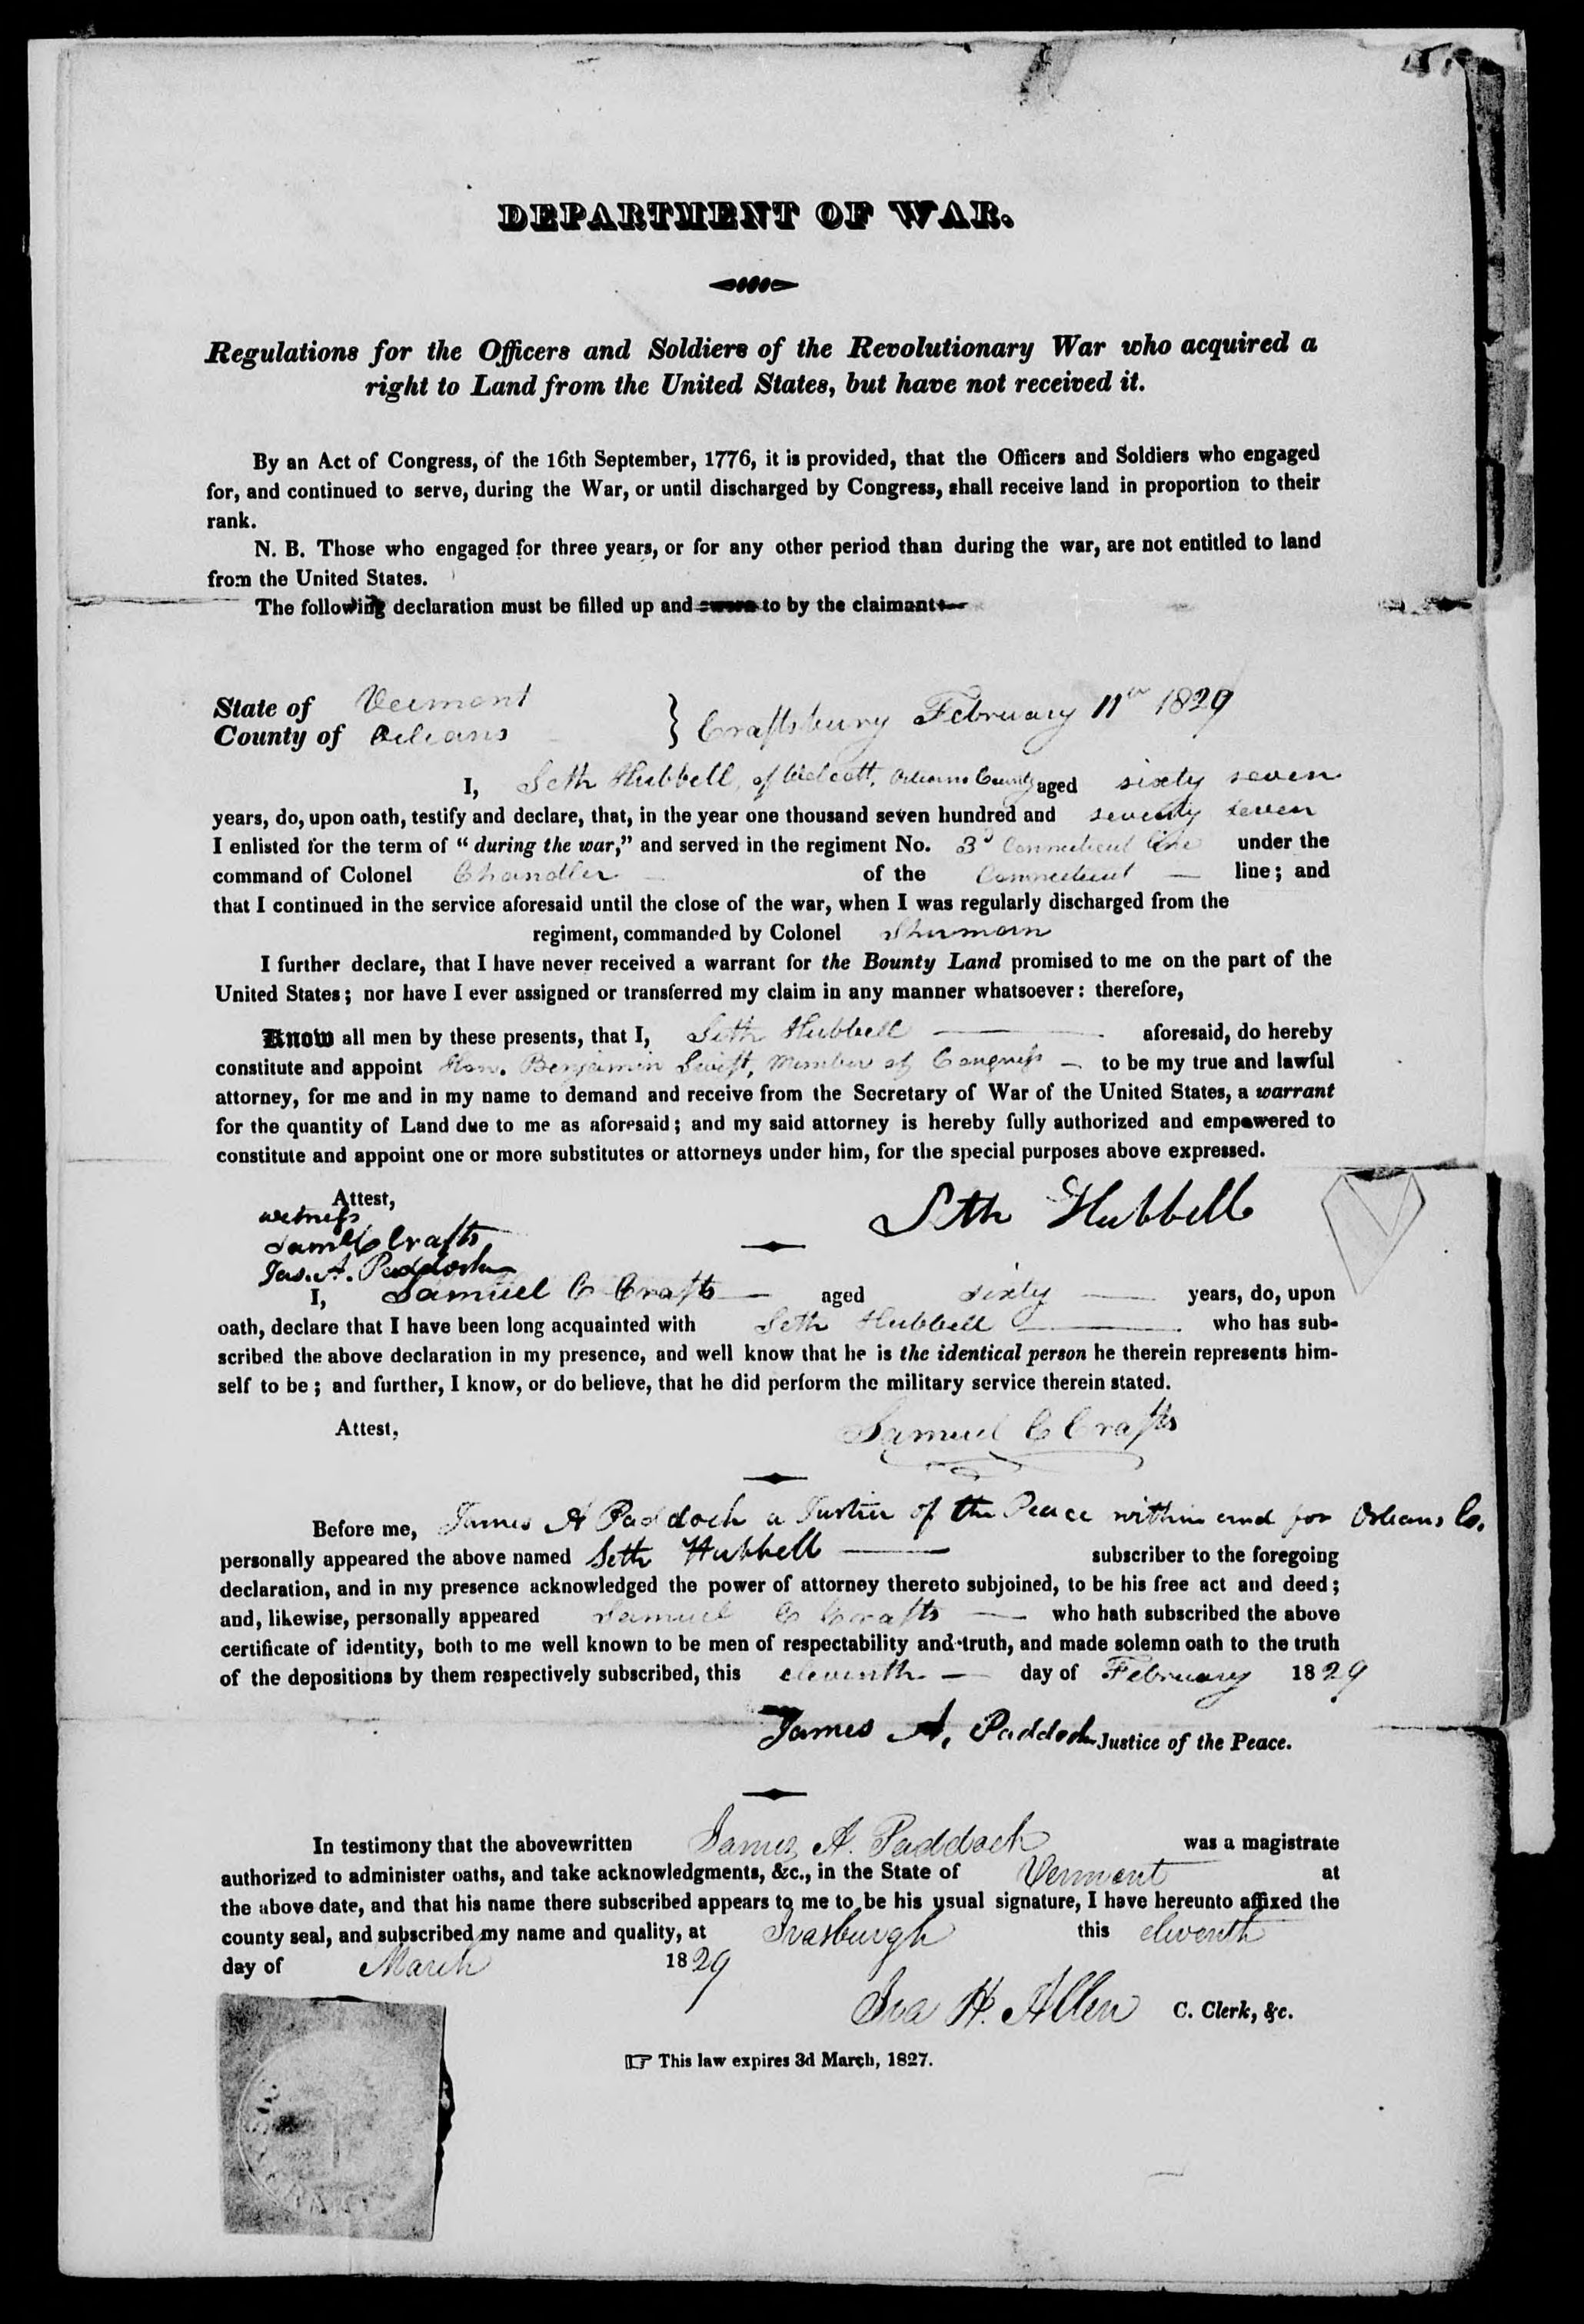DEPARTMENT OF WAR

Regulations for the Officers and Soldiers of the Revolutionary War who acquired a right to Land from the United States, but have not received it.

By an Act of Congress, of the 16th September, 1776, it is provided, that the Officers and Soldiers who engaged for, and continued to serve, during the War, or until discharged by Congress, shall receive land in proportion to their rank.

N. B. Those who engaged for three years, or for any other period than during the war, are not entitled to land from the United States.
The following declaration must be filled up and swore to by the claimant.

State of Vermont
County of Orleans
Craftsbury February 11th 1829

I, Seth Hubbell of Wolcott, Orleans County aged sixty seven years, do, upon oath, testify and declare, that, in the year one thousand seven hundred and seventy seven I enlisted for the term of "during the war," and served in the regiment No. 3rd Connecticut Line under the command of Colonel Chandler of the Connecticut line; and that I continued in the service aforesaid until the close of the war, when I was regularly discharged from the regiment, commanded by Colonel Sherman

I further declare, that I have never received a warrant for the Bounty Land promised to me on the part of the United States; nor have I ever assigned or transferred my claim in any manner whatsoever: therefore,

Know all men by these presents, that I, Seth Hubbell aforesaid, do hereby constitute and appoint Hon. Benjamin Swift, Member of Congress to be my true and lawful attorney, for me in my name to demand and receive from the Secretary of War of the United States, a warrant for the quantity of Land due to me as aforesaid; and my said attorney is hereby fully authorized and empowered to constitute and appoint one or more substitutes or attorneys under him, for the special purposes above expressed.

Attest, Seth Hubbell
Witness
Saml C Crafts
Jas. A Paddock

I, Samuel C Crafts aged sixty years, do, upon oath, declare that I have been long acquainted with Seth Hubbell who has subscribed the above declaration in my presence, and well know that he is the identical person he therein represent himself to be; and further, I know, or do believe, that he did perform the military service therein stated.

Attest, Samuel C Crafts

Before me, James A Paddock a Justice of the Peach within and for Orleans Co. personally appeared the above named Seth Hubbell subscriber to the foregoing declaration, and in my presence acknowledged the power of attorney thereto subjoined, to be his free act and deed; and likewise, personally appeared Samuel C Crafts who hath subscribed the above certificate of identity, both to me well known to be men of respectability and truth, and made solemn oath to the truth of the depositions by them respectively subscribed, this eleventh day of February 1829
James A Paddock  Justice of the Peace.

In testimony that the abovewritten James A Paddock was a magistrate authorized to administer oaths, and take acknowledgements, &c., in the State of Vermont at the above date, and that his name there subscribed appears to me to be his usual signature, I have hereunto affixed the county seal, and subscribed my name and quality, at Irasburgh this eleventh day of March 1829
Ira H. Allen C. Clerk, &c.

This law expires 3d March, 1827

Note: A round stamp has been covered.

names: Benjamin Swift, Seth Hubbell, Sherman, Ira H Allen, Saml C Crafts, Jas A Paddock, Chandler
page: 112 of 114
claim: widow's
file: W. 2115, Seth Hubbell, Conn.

**Your assignment:**
Return every record exactly. Pictures stay out.

**Solution to this task:**
DEPARTMENT OF WAR

Regulations for the Officers and Soldiers of the Revolutionary War who acquired a right to Land from the United States, but have not received it.

By an Act of Congress, of the 16th September, 1776, it is provided, that the Officers and Soldiers who engaged for, and continued to serve, during the War, or until discharged by Congress, shall receive land in proportion to their rank.

N. B. Those who engaged for three years, or for any other period than during the war, are not entitled to land from the United States.
The following declaration must be filled up and swore to by the claimant.

State of Vermont
County of Orleans
Craftsbury February 11th 1829

I, Seth Hubbell of Wolcott, Orleans County aged sixty seven years, do, upon oath, testify and declare, that, in the year one thousand seven hundred and seventy seven I enlisted for the term of "during the war," and served in the regiment No. 3rd Connecticut Line under the command of Colonel Chandler of the Connecticut line; and that I continued in the service aforesaid until the close of the war, when I was regularly discharged from the regiment, commanded by Colonel Sherman

I further declare, that I have never received a warrant for the Bounty Land promised to me on the part of the United States; nor have I ever assigned or transferred my claim in any manner whatsoever: therefore,

Know all men by these presents, that I, Seth Hubbell aforesaid, do hereby constitute and appoint Hon. Benjamin Swift, Member of Congress to be my true and lawful attorney, for me in my name to demand and receive from the Secretary of War of the United States, a warrant for the quantity of Land due to me as aforesaid; and my said attorney is hereby fully authorized and empowered to constitute and appoint one or more substitutes or attorneys under him, for the special purposes above expressed.

Attest, Seth Hubbell
Witness
Saml C Crafts
Jas. A Paddock

I, Samuel C Crafts aged sixty years, do, upon oath, declare that I have been long acquainted with Seth Hubbell who has subscribed the above declaration in my presence, and well know that he is the identical person he therein represent himself to be; and further, I know, or do believe, that he did perform the military service therein stated.

Attest, Samuel C Crafts

Before me, James A Paddock a Justice of the Peach within and for Orleans Co. personally appeared the above named Seth Hubbell subscriber to the foregoing declaration, and in my presence acknowledged the power of attorney thereto subjoined, to be his free act and deed; and likewise, personally appeared Samuel C Crafts who hath subscribed the above certificate of identity, both to me well known to be men of respectability and truth, and made solemn oath to the truth of the depositions by them respectively subscribed, this eleventh day of February 1829
James A Paddock  Justice of the Peace.

In testimony that the abovewritten James A Paddock was a magistrate authorized to administer oaths, and take acknowledgements, &c., in the State of Vermont at the above date, and that his name there subscribed appears to me to be his usual signature, I have hereunto affixed the county seal, and subscribed my name and quality, at Irasburgh this eleventh day of March 1829
Ira H. Allen C. Clerk, &c.

This law expires 3d March, 1827

Note: A round stamp has been covered.

names: Benjamin Swift, Seth Hubbell, Sherman, Ira H Allen, Saml C Crafts, Jas A Paddock, Chandler
page: 112 of 114
claim: widow's
file: W. 2115, Seth Hubbell, Conn.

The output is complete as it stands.